Sickle Cell Disease Transplant Using a Nonmyeloablative Approach: Adding Daratumumab for Patients With Anti-donor Red Cell AntibodY
This multicenter prospective study seeks to determine if daratumumab given, prior to HLA-identical sibling donor transplantation using alemtuzumab, low dose total-body irradiation, and sirolimus, can prevent pure red blood cell aplasia with an acceptable safety profile in patients with anti-donor red blood cell antibodies, achieving an event-free survival similar to transplanted patients without such antibodies.
⁃ General:
• Patients with SCD age 2-24.99 years who have a healthy HLA-identical sibling donor with major ABO incompatibility OR patients with RBC alloantibodies against other donor RBC antigens.
• Patients must have an absolute neutrophil count of 1 x 109/L and a platelet count of 100 x 109/L.
• Lansky/Karnofsky score of, at least, 70.

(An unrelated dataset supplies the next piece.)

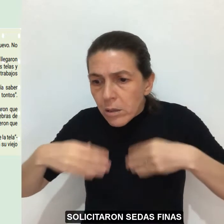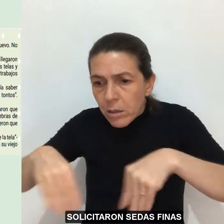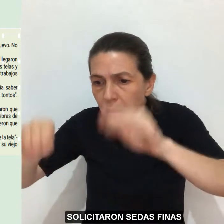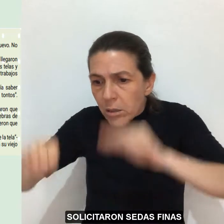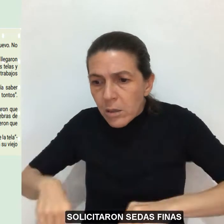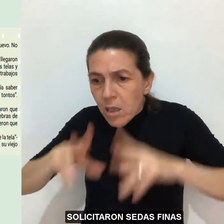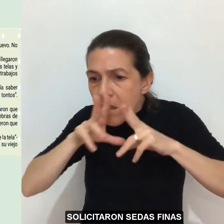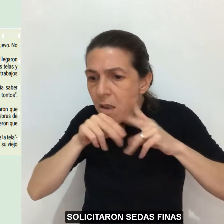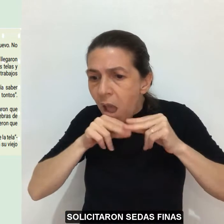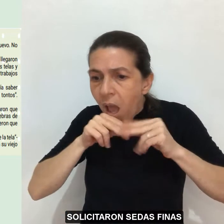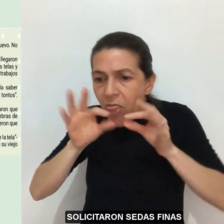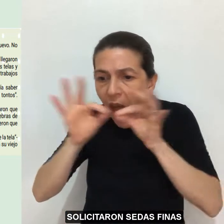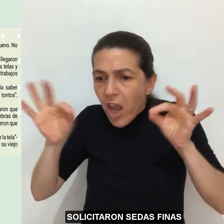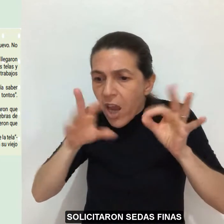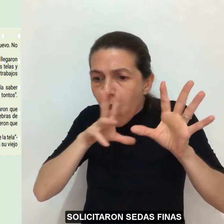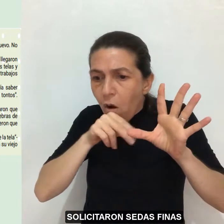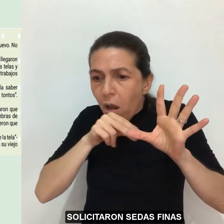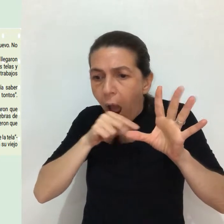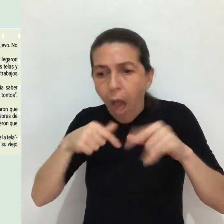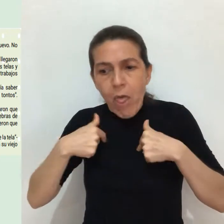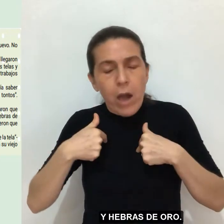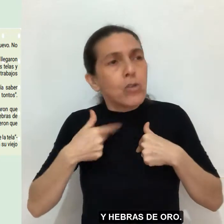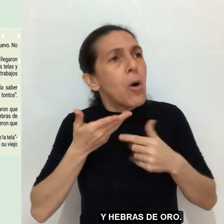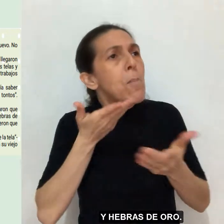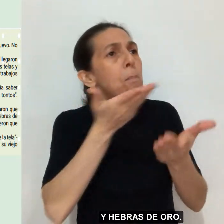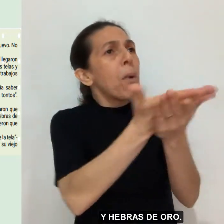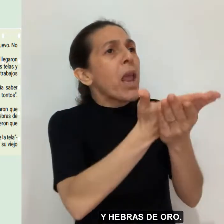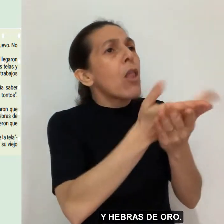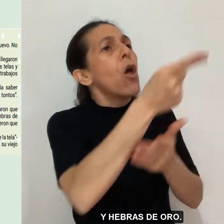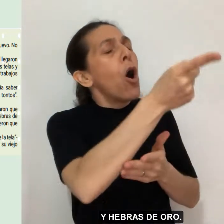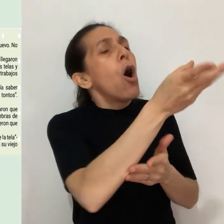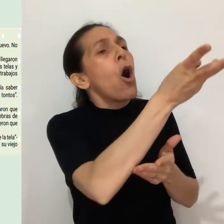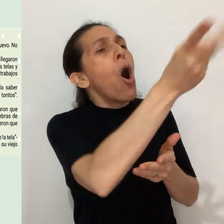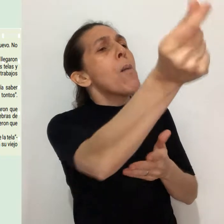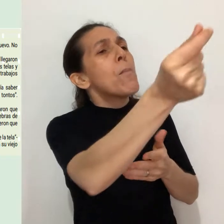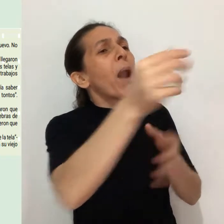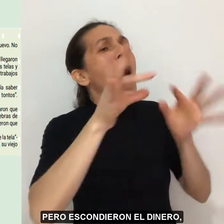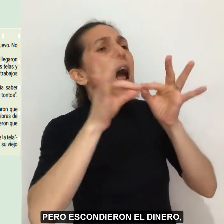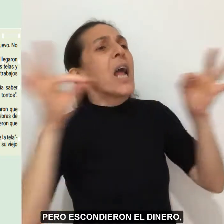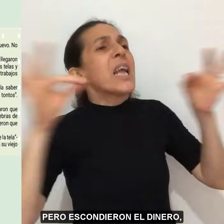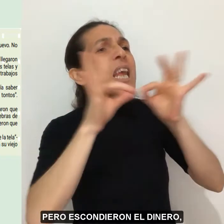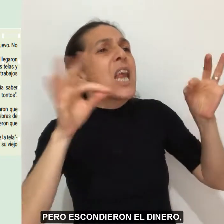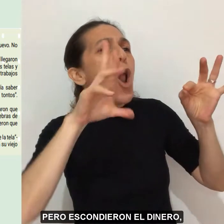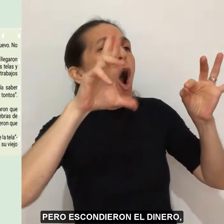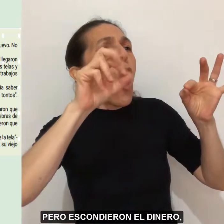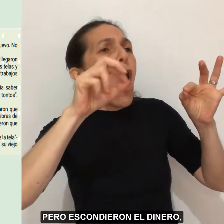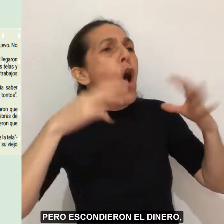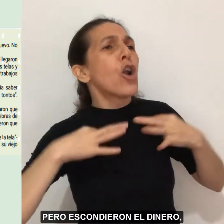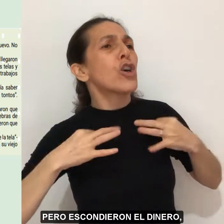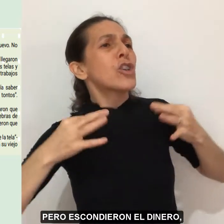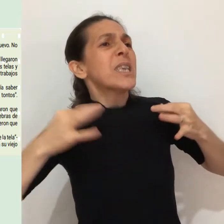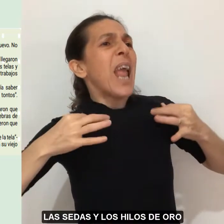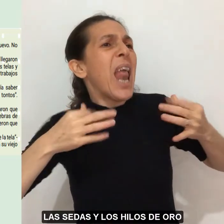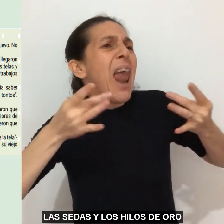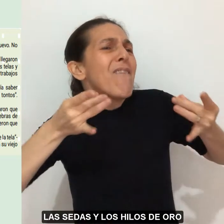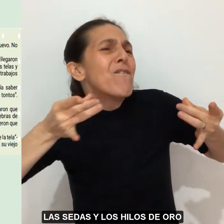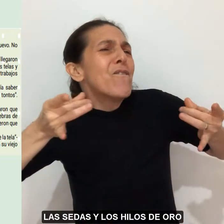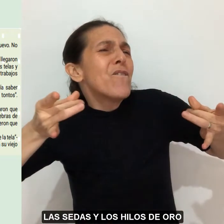Solicitaron sedas finas y hebras de oro, pero escondieron el dinero, las sedas

⁃ Patients with genotypes hemoglobin SS and Sβ0 thalassemia must have at least one of the following:
• History of an abnormal transcranial Doppler measurement defined as TCD velocity ≥200 cm/sec by the non-imaging technique measured at a minimum of two separate occasions.
• Progression of CNS vasculopathy on MRA determined to be secondary to SCD.
• History of cerebral infarction on brain MRI (overt stroke, or silent stroke if ≥3 mm in one dimension, visible in two planes on fluid-attenuated inversion recovery T2-weighted images).
• History of two or more episodes of Acute Chest Syndrome (ACS) in lifetime.
• History of three or more SCD pain events requiring treatment with an opiate or IV pain medication in lifetime.
• History of any hospitalization for a complication secondary to SCD (does NOT include empiric hospitalizations for fever only).
• History of two or more episodes of priapism.
• Administration of regular RBC transfusions (≥8 transfusions episodes in the previous 12 months).
• At least two episodes of splenic sequestration requiring red blood cell transfusion or splenectomy after at least one episode of splenic sequestration.
⁃ Patients with all other sickle genotypes (e.g. hemoglobin SC, Sβ+ thalassemia, etc.) must have at least one of the following:
• Clinically significant neurologic event (overt stroke).
• History of two or more episodes of ACS in the 2-year period preceding enrollment.
• History of three or more SCD pain events requiring treatment with an opiate or IV pain medication (inpatient or outpatient) in the 1-year period preceding enrollment.
• History of any hospitalization for SCD pain or ACS while receiving hydroxyurea treatment.
• History of two or more episodes of priapism (erection lasting ≥4 hours or requiring emergent medical care).
• Administration of regular RBC transfusions (≥8 transfusions in the previous 12 months)
• At least two episodes of splenic sequestration requiring red blood cell transfusion or splenectomy after at least one episode of splenic sequestration.